Jim Cooley of Rockwood called up and said he had a record I might find interesting. It was a 1960s recording of a 90-year-old Rockwood woman playing banjo and telling stories. That did sound interesting. I wondered what small local label might have released such a record. Turns out it was a vanity-press record of Robbie Clack, transferred from reel-to-reel tape to vinyl at Loran Baker Recording Service. Baker was a TVA employee who ran a small studio out of the garage of his Fountain City home. In a 1956 News Sentinel ad, Baker offers tape and disc services for “Church Programs, Public Addresses, Funeral Services, Weddings, Rentals, etc.”
The record is a heavy slab, at least 200 grams, housed in a plain white jacket with a handwritten title: “Cousin Rob With Her Five String Banjo at 90 Years of Age.” A typed track list is affixed to the back. It’s likely the only copy made, pressed as a souvenir for Clack and her family. She was born in 1875, so the recording must have been made around 1965, just two years before her death.
The recording is very low-fidelity, “from a tape recording on a Sunday afternoon.” At times you can hear more than one person laughing, suggesting a very casual setting—people gathered with Clack to preserve her playing, singing, and stories. The repertoire is fairly familiar, with songs such as “Free Little Bird,” “Cotton Fields,” “This Train,” and “Steal Away.” No doubt Clack heard some of these songs on radio and records over the years, but to listen to her raw playing and singing, it’s easy to imagine she’d been hearing some of these selections since her childhood. There is also at least one original instrumental composition, “Rockwood Polka,” and three spoken narratives, including two short personal anecdotes and the legend of a haunted well in Rockwood that was the site of a murder/suicide.

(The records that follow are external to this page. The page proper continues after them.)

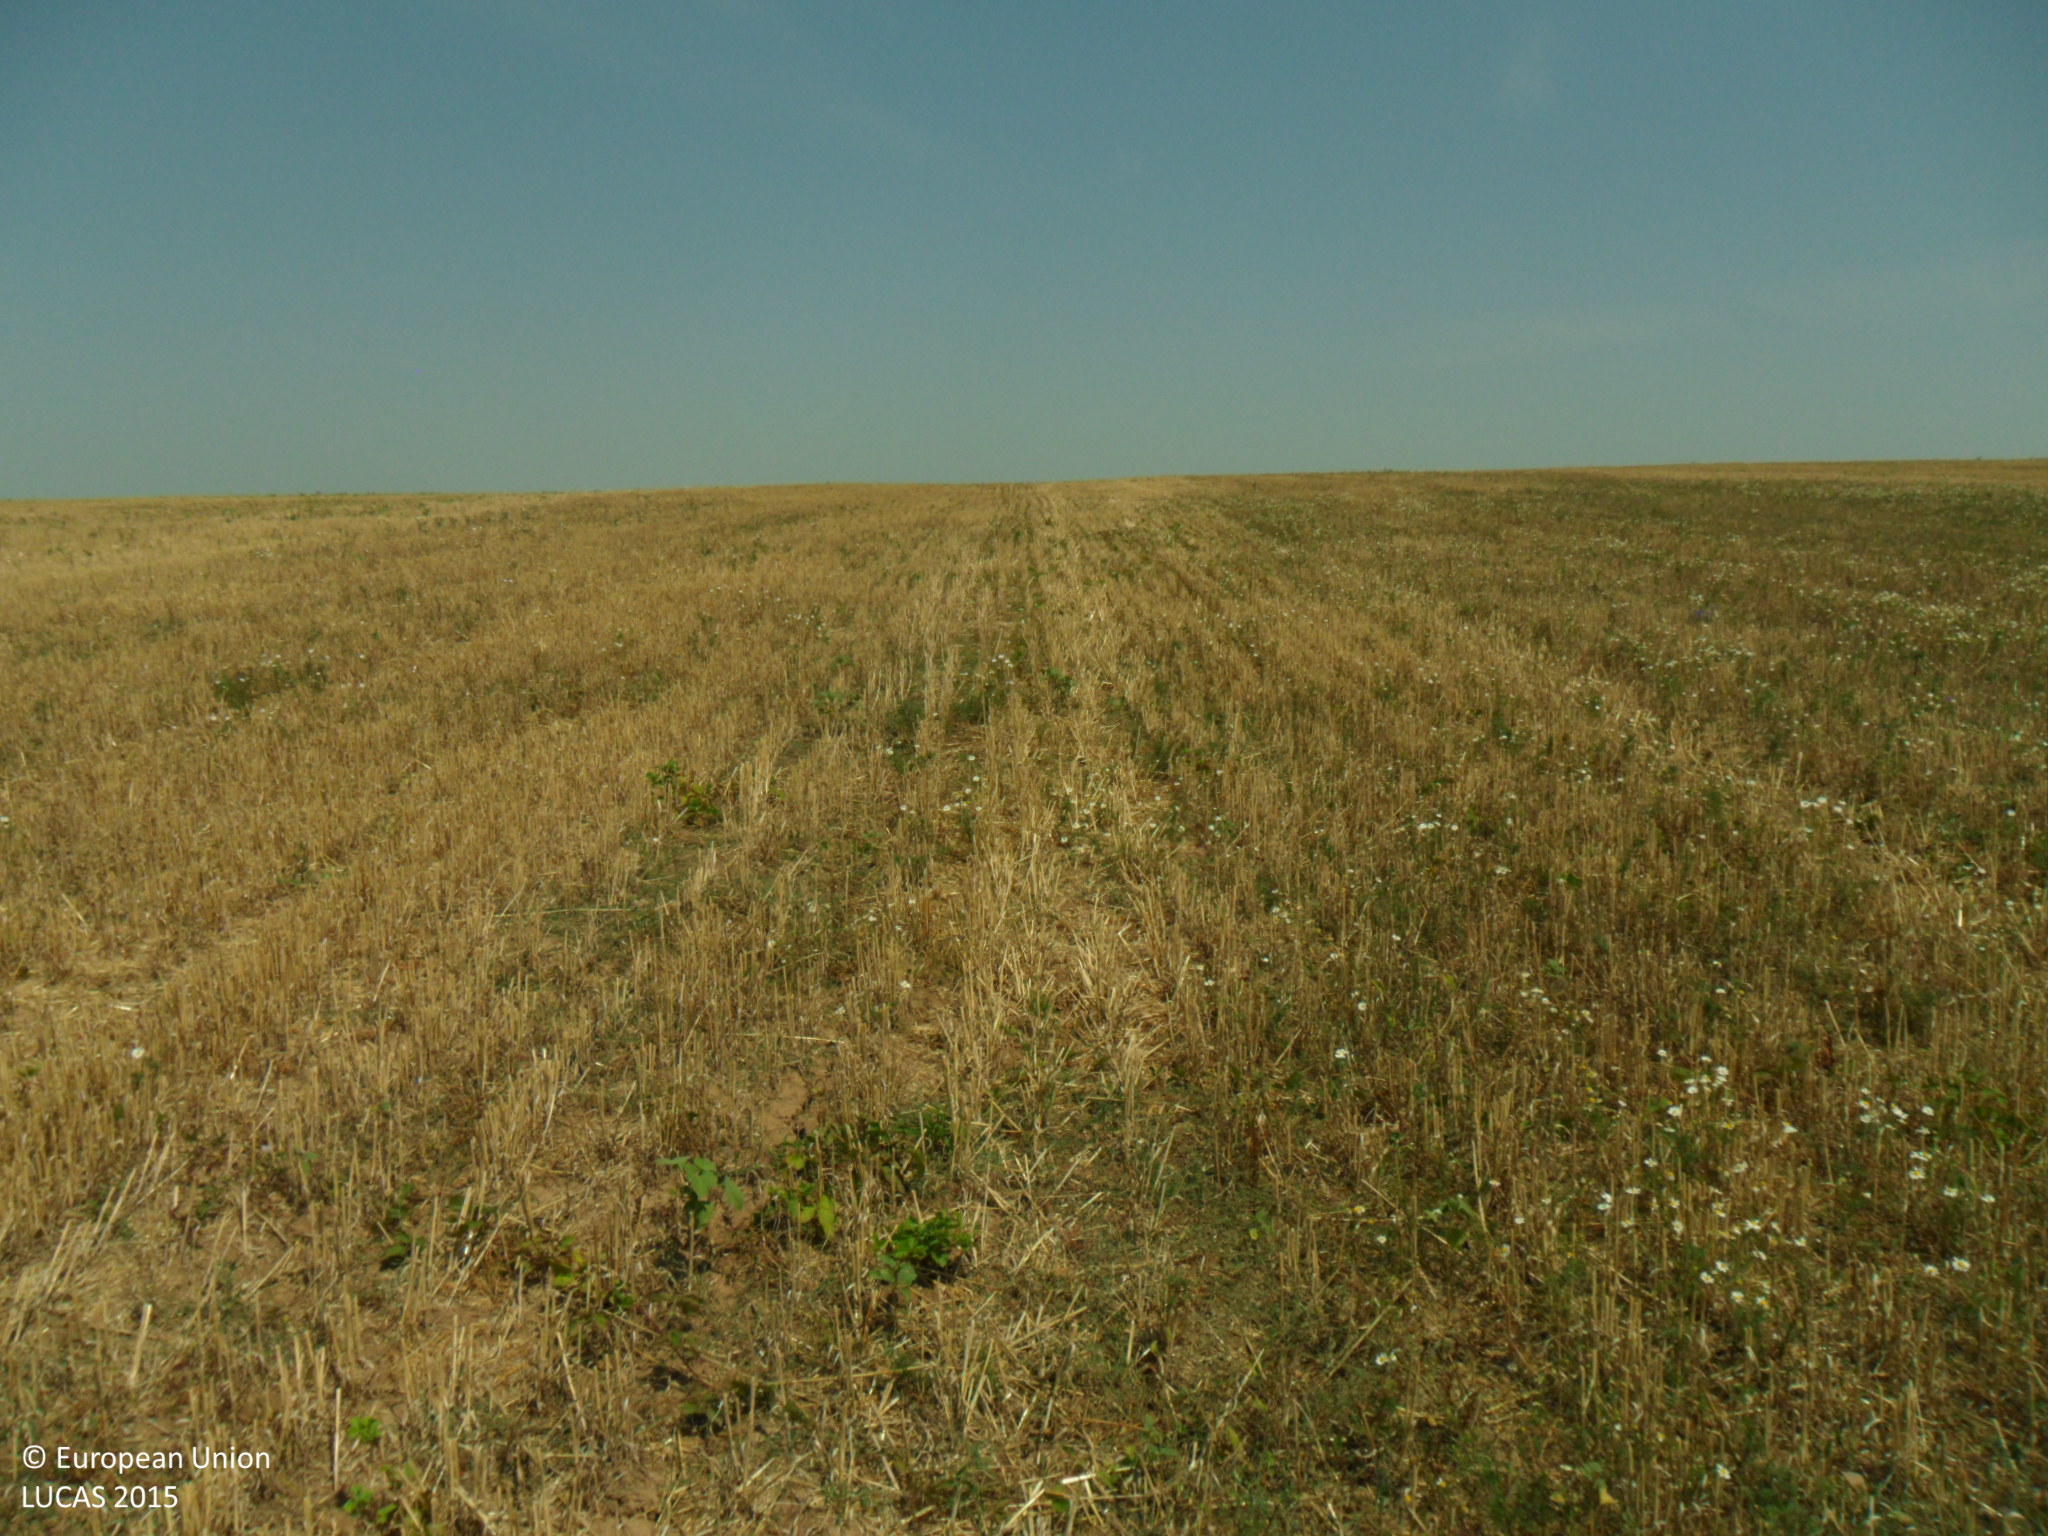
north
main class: Cropland
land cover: Common wheat
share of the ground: 25 - 50 %
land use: Agriculture (excluding fallow land and kitchen gardens)
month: August
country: BG
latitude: 43.4758
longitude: 26.7379
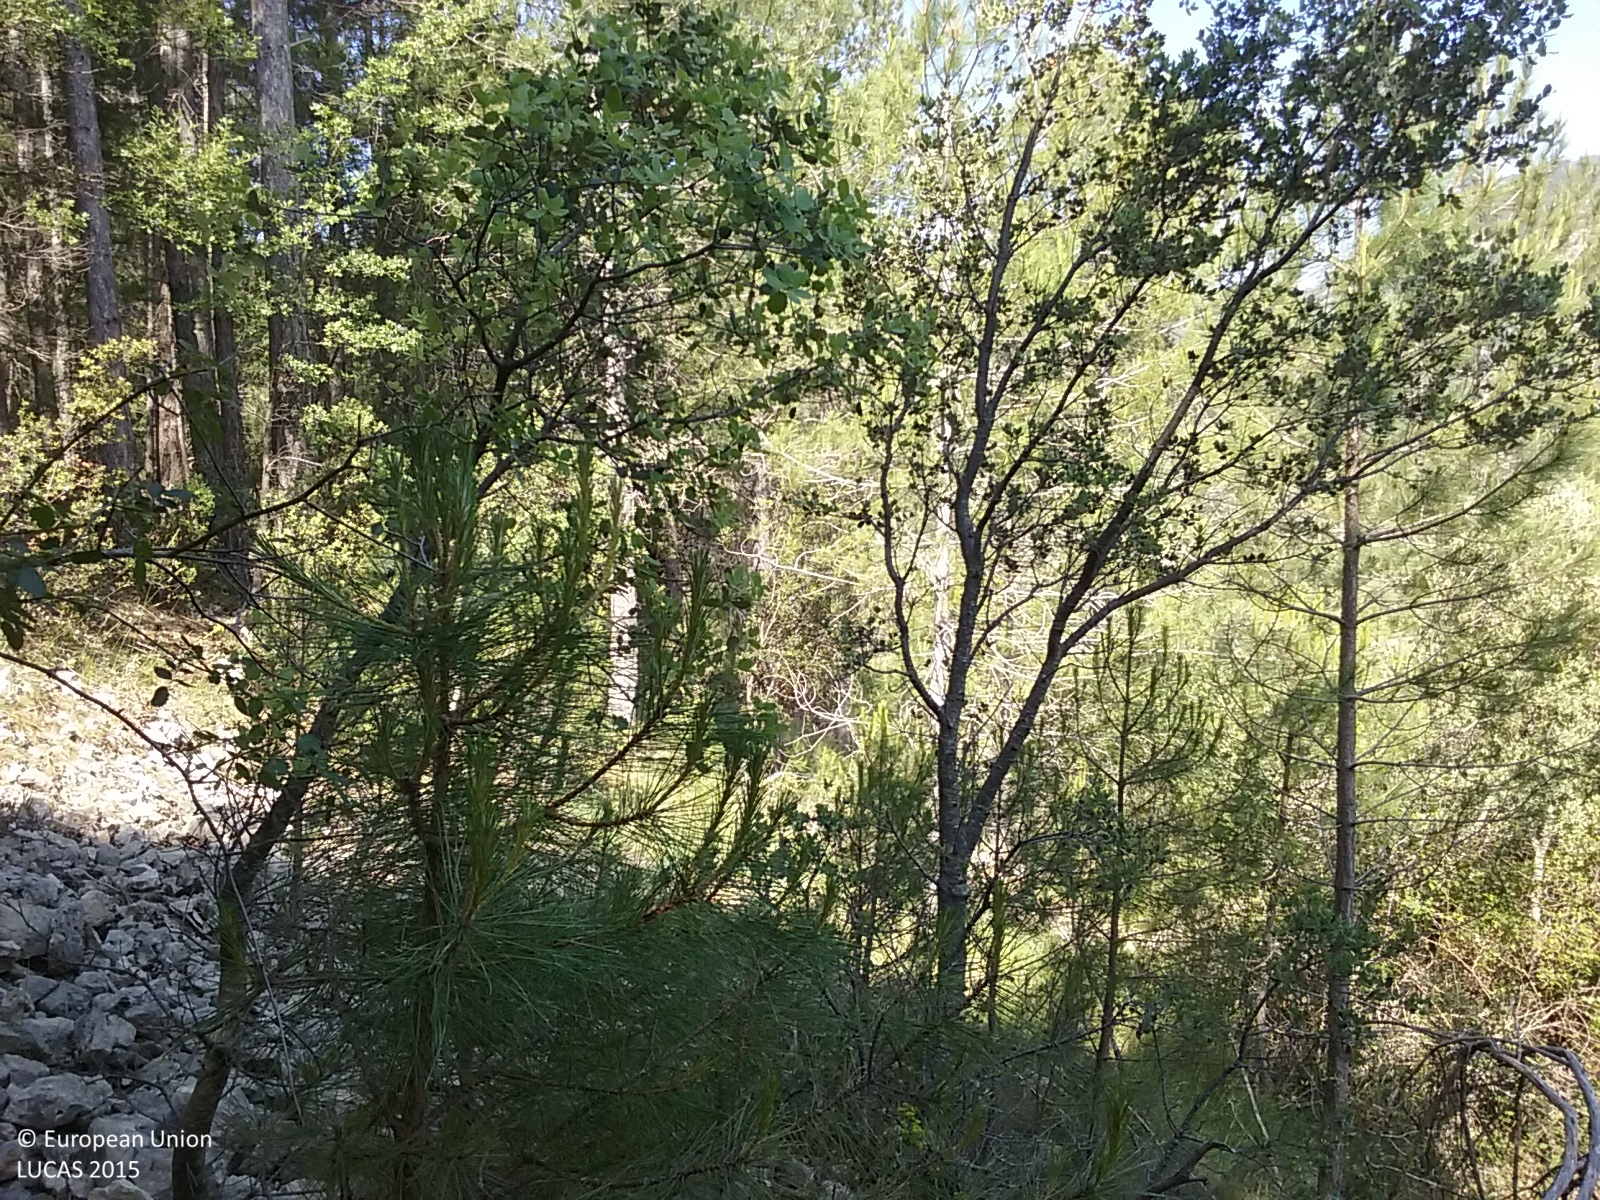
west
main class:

It’s exceptionally rare to come across a 1960s-era recording of an East Tennessean who was born in the 1870s, especially one of a woman playing banjo and singing. It can be a bit of a rough listen at times, but maybe that’s fitting for a recording of someone who spent the first few decades of her life without a radio or phonograph player or even electricity. Clack was 15 years older than Dock Boggs, who was recording albums for Folkways at the time, and just a few years younger than Uncle Dave Macon, who died in 1952. You want to be careful not to romanticize this kind of thing, but it’s astonishing to think that around the time the Beach Boys were recording Pet Sounds and Karlheinz Stockhausen’s was composing Hymnen, a woman from a small East Tennessee town made a record that recalled a time decades before broadcast or recorded sound existed.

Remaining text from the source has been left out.